Although picturesque Denmark evokes images of turquoise beaches, dense forests and rustic farmhouses, climate change has greatly impacted the town’s water supply. The lush south west pocket of Australia has experienced increasingly dry decades since records began in 1911.

Until now, Denmark has been completely reliant on rainfall feeding into the nearby Quickup Dam for drinking water year round. However, that rainfall is becoming increasingly unreliable.

Between 2014 to 2019, Denmark recorded four of its five driest winters on record, reflecting the very real impact of climate change across the region. With rainfall forecast to decline further into the future, it was clear that a new, more secure water supply was needed.

Building a pipeline from Albany to Denmark

To secure the town’s supply in the long term, a 43km pipeline has been built to connect Denmark to our Lower Great Southern Towns Water Supply Scheme (LGSTWSS). This intricate and complex system of underground pipes, sustains towns all over the region, supplying water to Albany, Mount Barker, Kendenup, Narrikup and many other towns.

In July 2020, a customary Welcome to Country was held at the construction site prior to the diggers breaking ground. Pipeline installation was primarily conducted by excavating open trenches and using horizontal directional drilling to install pipes under the Quickup River and Hay River. This innovative method displaces far less soil and allows underground pipes to be connected without impacting the natural waterway.

Now, after installing an average of 400 metres of pipe each day, Water Corporation can alternate Denmark’s drinking water throughout the year between the LGSTWSS and Quickup Dam.

Pipes laid in trenches along the Denmark pipeline
Denmark pipeline construction: An average of 400 metres of pipe was installed each day.

Finding the right people for the job

It takes a lot of effort and a ‘one team’ approach to pull off building a pipeline of this scale.
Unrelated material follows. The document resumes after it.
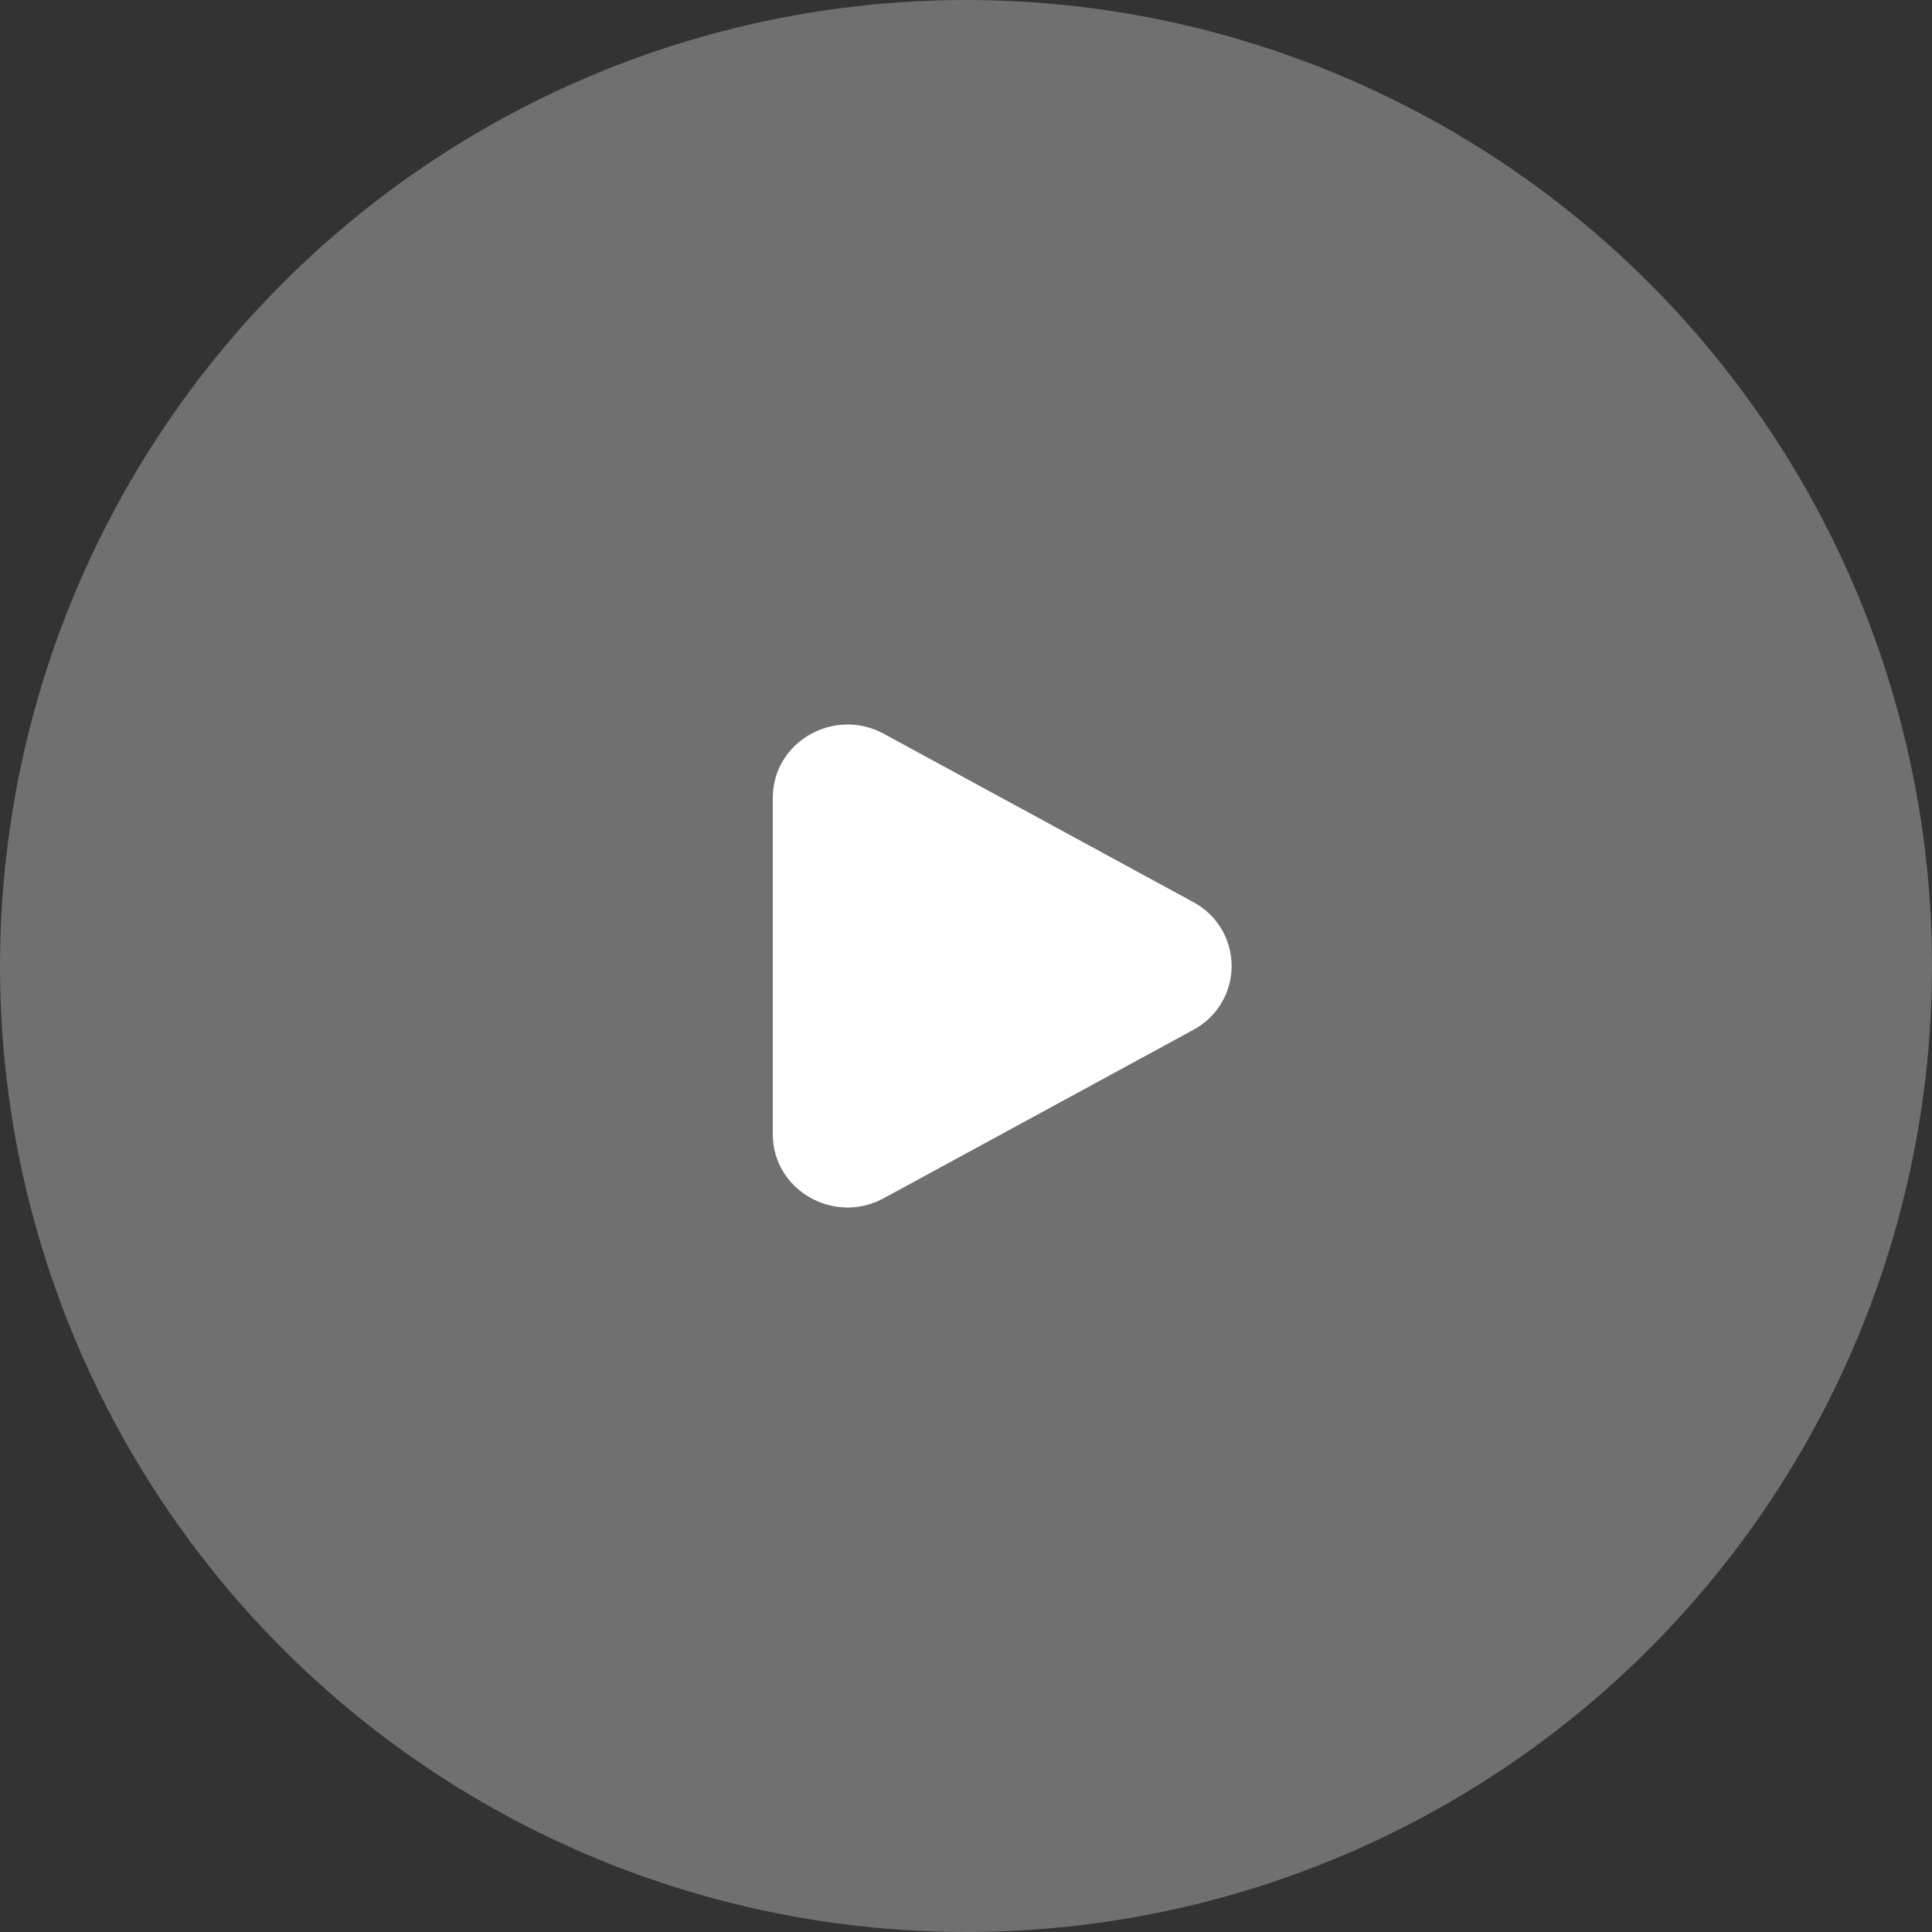 <?xml version="1.0" encoding="UTF-8"?> <svg xmlns="http://www.w3.org/2000/svg" width="80" height="80" viewBox="0 0 80 80" fill="none"><rect x="0" y="0" width="80" height="80" fill="#333333" stroke="none"/><circle cx="40" cy="40" r="40" fill="white" fill-opacity="0.3"></circle><path d="M49.409 37.353C49.889 37.608 50.291 37.989 50.571 38.456C50.851 38.922 50.999 39.456 50.999 40C50.999 40.544 50.851 41.078 50.571 41.544C50.291 42.01 49.889 42.391 49.409 42.647L36.597 49.614C34.534 50.737 32 49.277 32 46.968V33.033C32 30.723 34.534 29.264 36.597 30.385L49.409 37.353Z" fill="white"></path></svg>

Aside from extensive engineering, planning and community engagement, more than 186 locals in the Great Southern were employed during construction.

Weather permitting, two kilometres of pipe was laid each week by an exceptional team of highly motivated and determined individuals. One of those driving forces was Andrew Swzecow, who has lived in Albany all his life and is very passionate about the environment. Well known in the community, Andrew jumped at the chance to snap up full-time work due to the recent downturn in regional and seasonal job prospects.
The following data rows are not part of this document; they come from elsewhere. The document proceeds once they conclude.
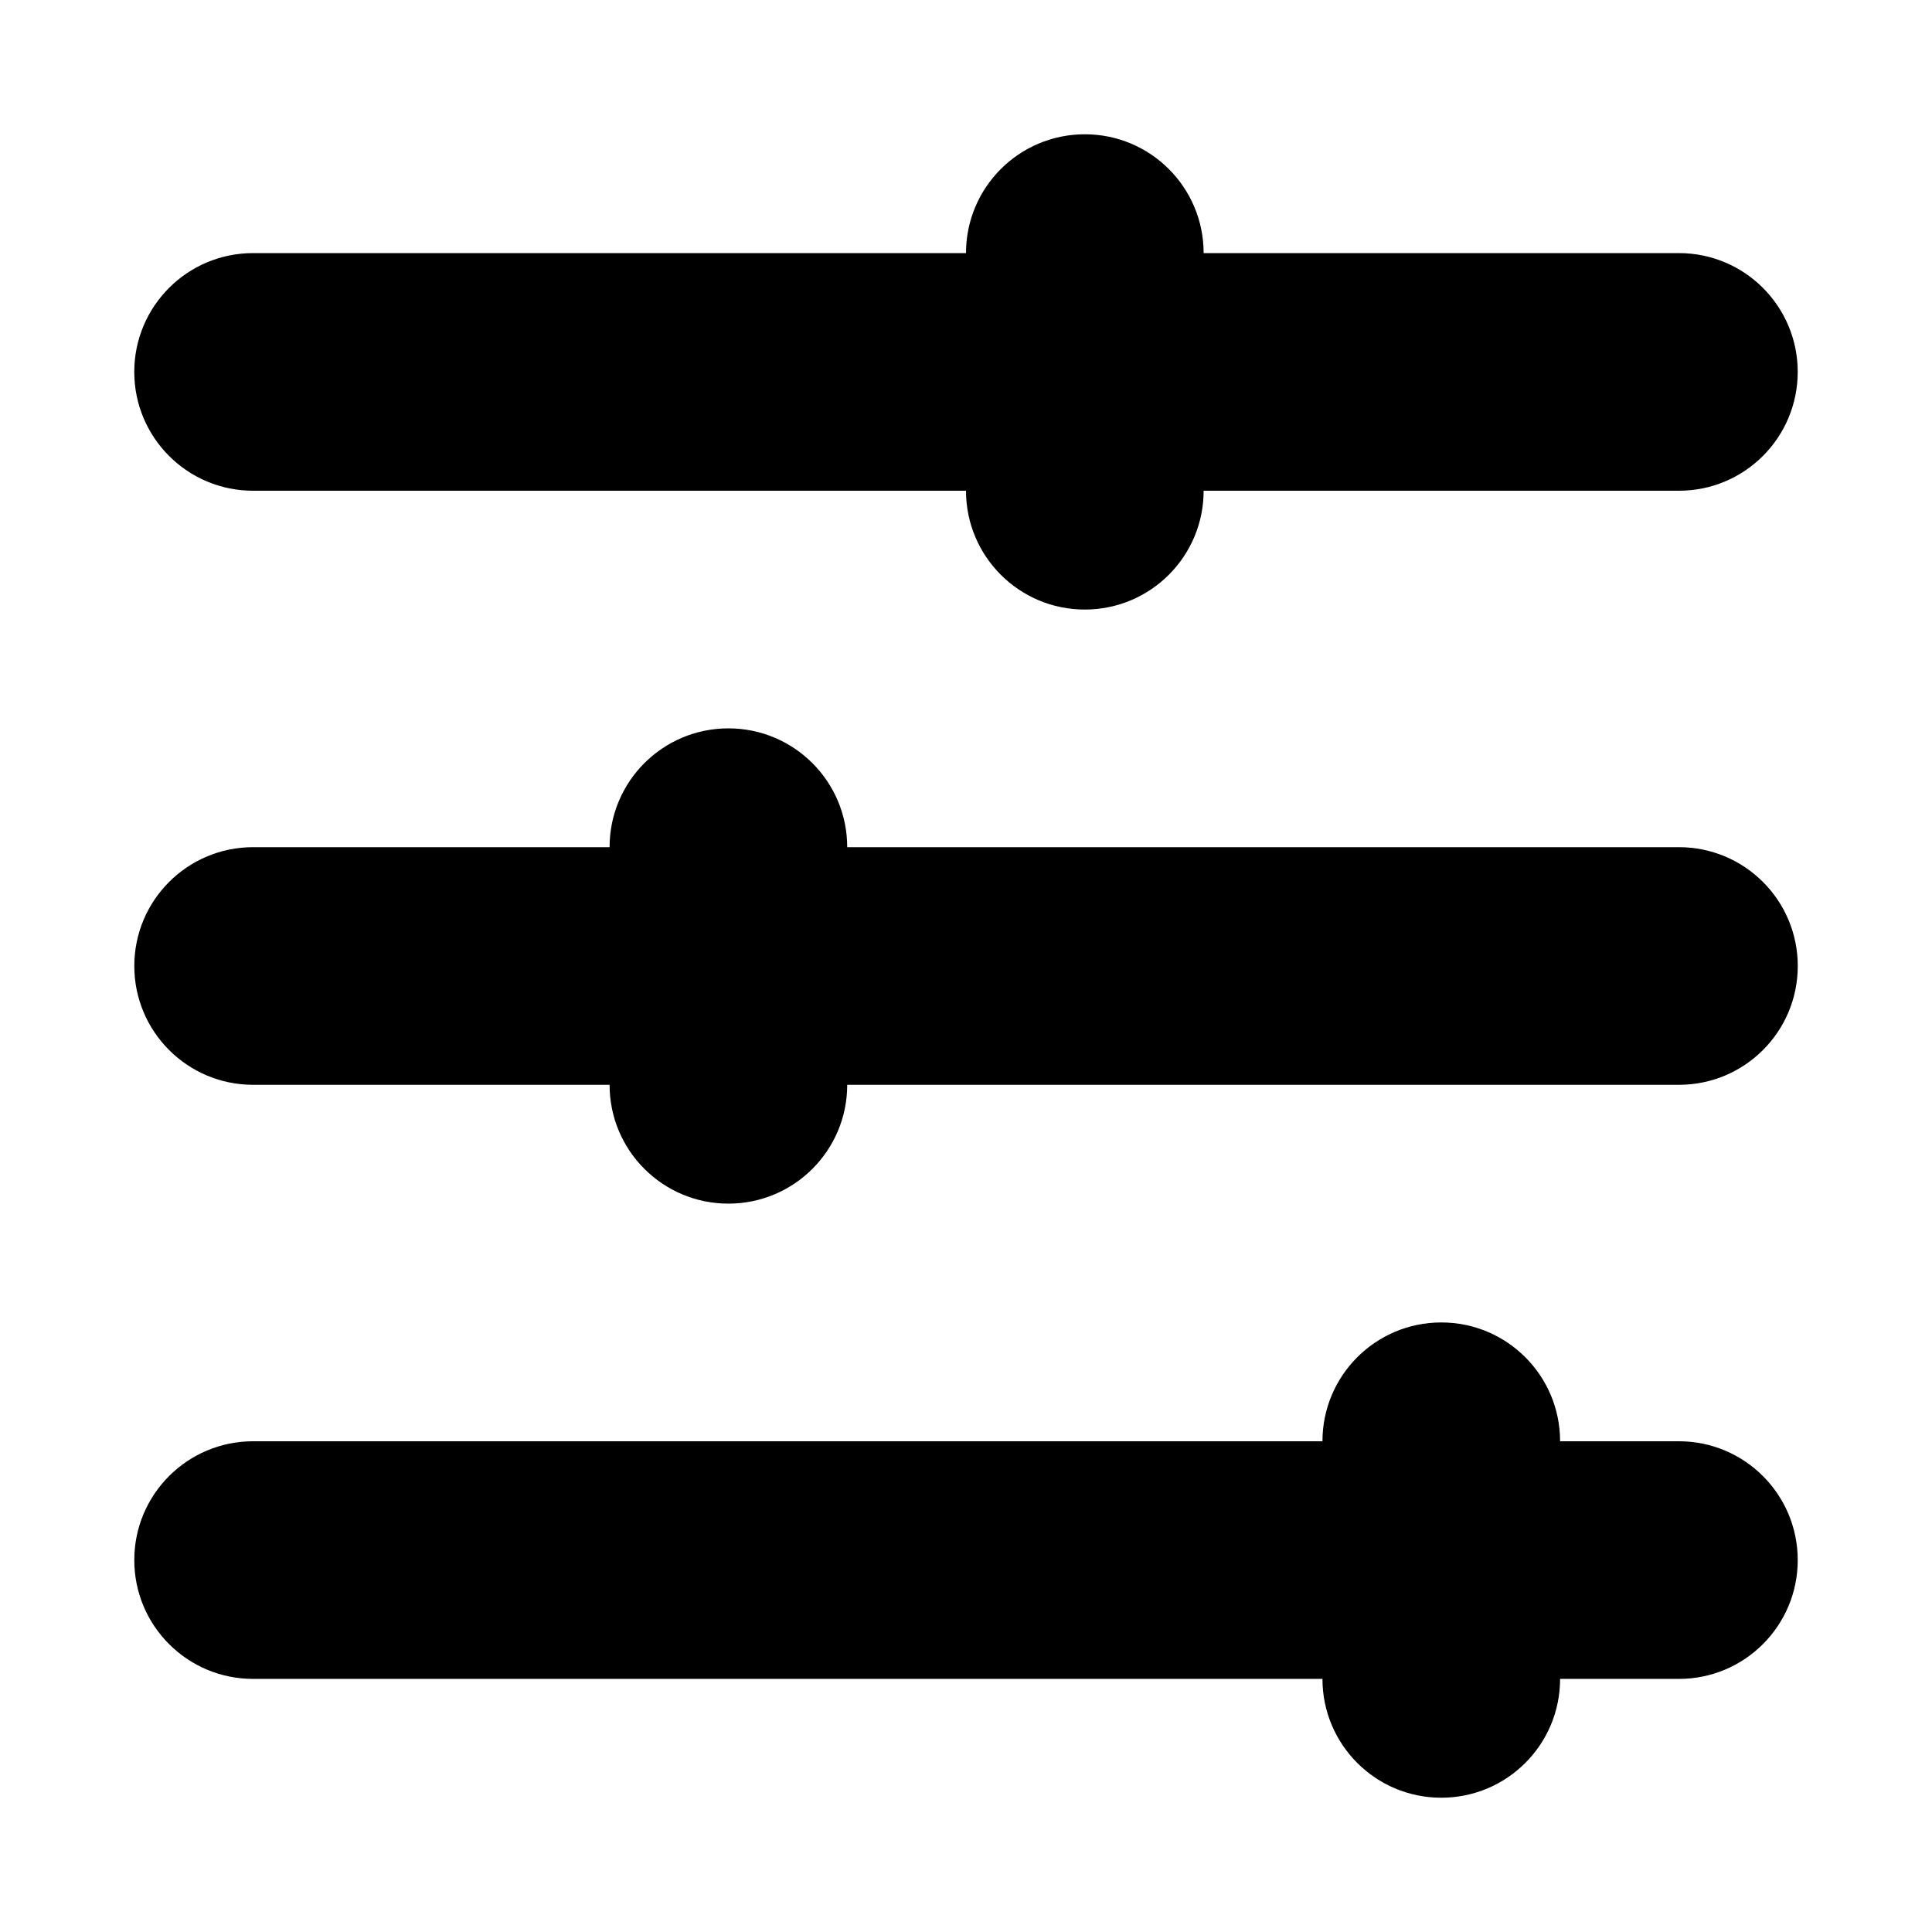 <?xml version="1.0" encoding="UTF-8"?>
<!-- Uploaded to: ICON Repo, www.svgrepo.com, Generator: ICON Repo Mixer Tools -->
<svg fill="#000000" width="800px" height="800px" version="1.1" viewBox="144 144 512 512" xmlns="http://www.w3.org/2000/svg">
 <g>
  <path d="m588.93 368.51h-220.41c0-17.391-14.082-31.488-31.488-31.488s-31.488 14.098-31.488 31.488h-94.465c-17.406 0-31.488 14.098-31.488 31.488s14.082 31.488 31.488 31.488h94.465c0 17.391 14.082 31.488 31.488 31.488s31.488-14.098 31.488-31.488h220.42c17.406 0 31.488-14.098 31.488-31.488-0.004-17.391-14.086-31.488-31.492-31.488z"/>
  <path d="m211.07 274.05h188.93c0 17.391 14.082 31.488 31.488 31.488s31.488-14.098 31.488-31.488h125.95c17.406 0 31.488-14.098 31.488-31.488s-14.082-31.488-31.488-31.488h-125.95c0-17.391-14.082-31.488-31.488-31.488s-31.488 14.098-31.488 31.488h-188.93c-17.406 0-31.488 14.098-31.488 31.488 0 17.387 14.082 31.488 31.488 31.488z"/>
  <path d="m588.93 525.95h-31.488c0-17.391-14.082-31.488-31.488-31.488s-31.488 14.098-31.488 31.488h-283.39c-17.406 0-31.488 14.098-31.488 31.488s14.082 31.488 31.488 31.488h283.39c0 17.391 14.082 31.488 31.488 31.488s31.488-14.098 31.488-31.488h31.488c17.406 0 31.488-14.098 31.488-31.488-0.004-17.387-14.086-31.488-31.492-31.488z"/>
 </g>
</svg>

The opportunity to support the pipeline project was exactly what Victor Woods was also looking for. Victor grew up in Tambellup before moving to Albany in his late teens. Mr Woods was part of the dynamic duo who cleaned the office spaces and accommodation for the team.

“I had a great time and had a good laugh with the people I met. They were really easy to work for, and I thoroughly enjoyed what I did.”

Many other local businesses were engaged to supply materials or assist during the works. It is because of community support and working together we were able to successfully pave the pathway to a climate-resilient future for Denmark.